Overview

A Self-Attributing Network (SAN) is an ad platform that tracks conversions and attribution internally, like Google Ads and Facebook, mapping customer journeys.

What is Self-Attributing Network?

A Self-Attributing Network (SAN) is an advertisement platform that carries out its internal conversion tracking and attribution. This system keeps track of every touchpoint in a customer’s journey, attributing each transaction and conversion to specific marketing actions. SANs like Google Ads, Facebook, and Apple Search Ads are poised to handle multi-touch attribution internally rather than simply basing it off the last click.

Formula

The precise formula for SAN attribution varies, depending on the network. Typically, though, these networks analyze user interactions with ads in an attribution window. After a series of machine learning algorithms and statistics, they come up with an attribution credit for a certain ad interaction.

Example

For example, Google Ads, a SAN, tracks user interactions with its ads and allocates a credit (conversion or transaction) to a particular ad based on its internal algorithms.

Why is SAN important?

SANs offer the capacity to claim and attribute conversions.

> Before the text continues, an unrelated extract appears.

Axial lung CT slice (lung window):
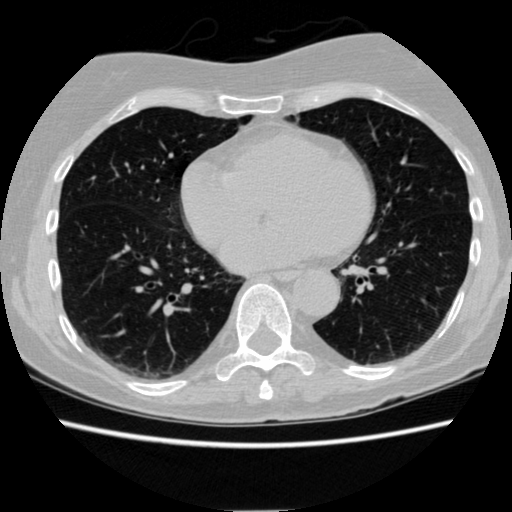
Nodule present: no
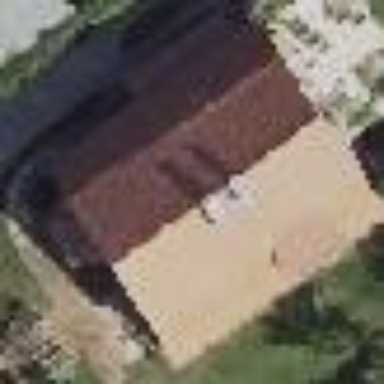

This feature is crucial due to the dominance of platforms like Google and Facebook in the digital marketing space. Without SANs, marketers would have to rely on other attribution methods that might not accurately represent the influence of these platforms. SANs offer businesses an accurate measure of their ad performance, thereby improving marketing strategy and customer acquisition.

Which factors impact SAN?

While SANs are efficient, they can be enhanced through the following ways:

  1. Data Augmentation: By supplementing SAN data with insights from other tools and tracking systems, better attributions can be achieved.
  2. Use Granular Data: Deeper insights into user behavior at the most granular level can refine attribution models.
  3. Continuous Revision: By continuously monitoring and modifying the SAN system based on feedback, it can be made more efficient.

How can SAN be improved?

  • Incrementality: The more incremental value an ad network provides, the more likely a conversion is attributed to it.
  • User Behavior: The user’s interaction with the ad greatly influences attribution.
  • Attribution Windows: The length of the attribution window impacts attribution.

What is SAN’s relationship with other metrics?

SAN works in coherence with other ecommerce metrics such as conversion rates, retention rates, and customer acquisition costs for a holistic understanding of digital marketing performance. By attributing transactions to specific marketing actions, SANs can inform adjustments to these metrics, thereby optimizing overall ecommerce strategy.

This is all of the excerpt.